Medical tests for determining eligibility to join a superannuation fund are not relevant at the pre-employment stage. These tests are more appropriately carried out after the applicant has accepted the offer of the position. Such tests can not be used for other purposes and should not affect the person's eligibility for employment.
Why is the design and application of the medical test so important?
The importance of having non-discriminatory pre-employment medical tests that are clearly relevant to the specific requirements of the job is highlighted in the recent decision by the Equal Opportunity Tribunal in the case of Hurley v The Electricity Commission of NSW (1994) EOT 92-624.
In this case Mr Hurley applied for and was rejected for cleaner/labourer positions on three separate occasions. According to two of the pre-employment medical assessments he did not meet the level of fitness set by the Commission due to his hypertension.
The Tribunal was not satisfied that the Commission's assessment of the complainant's inability to do the work was based on any real evidence.
The examining doctor had decided that the complainant did not meet the Commission's standard of fitness for the position because he was hypertensive. The doctor did not consider Mr Hurley's capacity to carry out the inherent duties.
The Tribunal found that the complainant's hypertension was insufficient reason to assume that he would be unable to carry out the full duties of the position without a serious risk to his health.
The level of physical fitness specified for the cleaner/labourer position was also questioned by the Tribunal.
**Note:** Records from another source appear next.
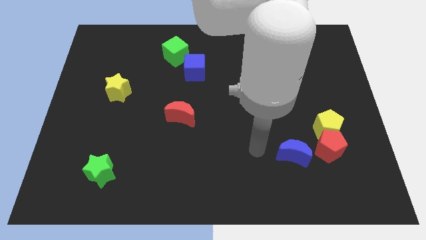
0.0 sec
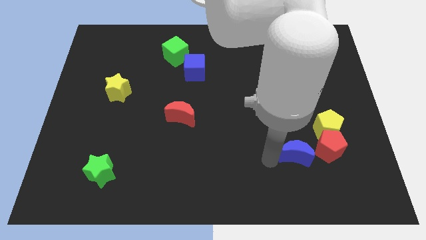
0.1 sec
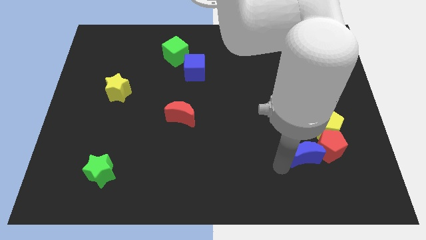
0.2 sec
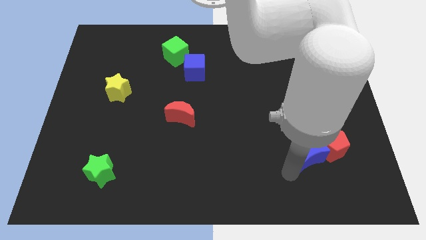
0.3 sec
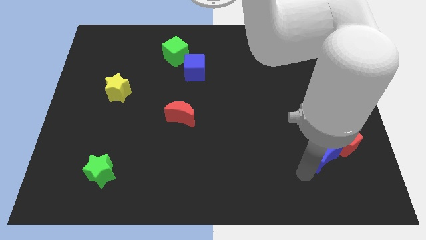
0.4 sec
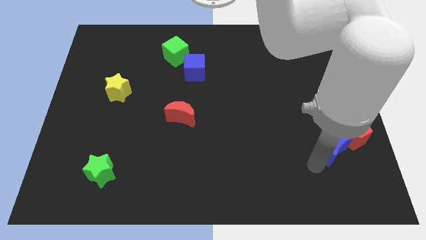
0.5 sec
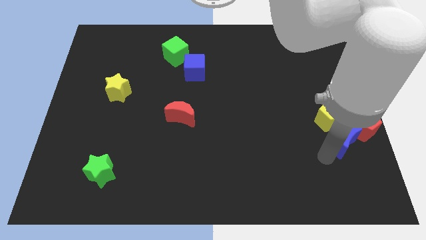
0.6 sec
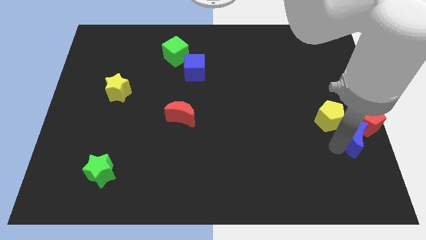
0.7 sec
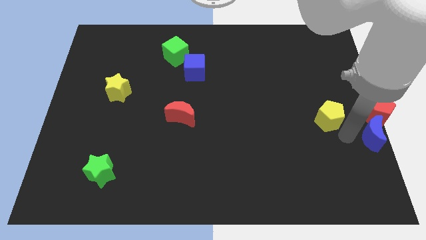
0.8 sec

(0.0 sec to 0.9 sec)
pull the yellow pentagon apart from the red pentagon

The Tribunal noted that the Commission emphasised the strenuous nature of some of the duties of the position and the need for applicants to meet the specified level of fitness. However, the Commission did not see the need for any ongoing assessment of its cleaner/labourer staff to ensure their health was not at risk.
The Tribunal concluded that the Commission had unlawfully discriminated against a "physically handicapped person" on the ground of his physical impairment when deciding who should be offered employment. The Tribunal ordered the Commission to pay $40,000 as compensation.
In another case, Barry v State of Victoria (1994) EOC 92-598 the Victorian Equal Opportunity Board found that the medical assessment of the complainant was based on discriminatory grounds.
Mr Barry applied for a job as a prison officer with the Department of Corrective Services. Having passed the interview and the written examination he was asked to attend a pre-employment medical test.
The complainant was assessed as physically fit to perform the duties of the job but was ineligible for employment by the Department of Corrective Services because he had recently suffered from Hodgkin's Disease (a form of cancer). This assessment was based on a policy of not employing people within a two year period of suffering from cancer.
The Board stated that the application of the policy in this case was discriminatory as it treated the complainant differently and less favourably than an applicant who did not have a prior illness of Hodgkin's Disease would have been treated.
The Board found that it was inappropriate for the examining medical officer merely to state that the applicant does not meet the medical requirements for Prison Officer Selection without providing details of the assessment to the Department of Corrective Services.
The Board also found that the Department exercised no discretion and accepted the assessment without seeking any details. In doing so the Department discriminated against the complainant on the basis of his past impairment in not offering him employment.
The complainant was awarded $5071 for loss of salary.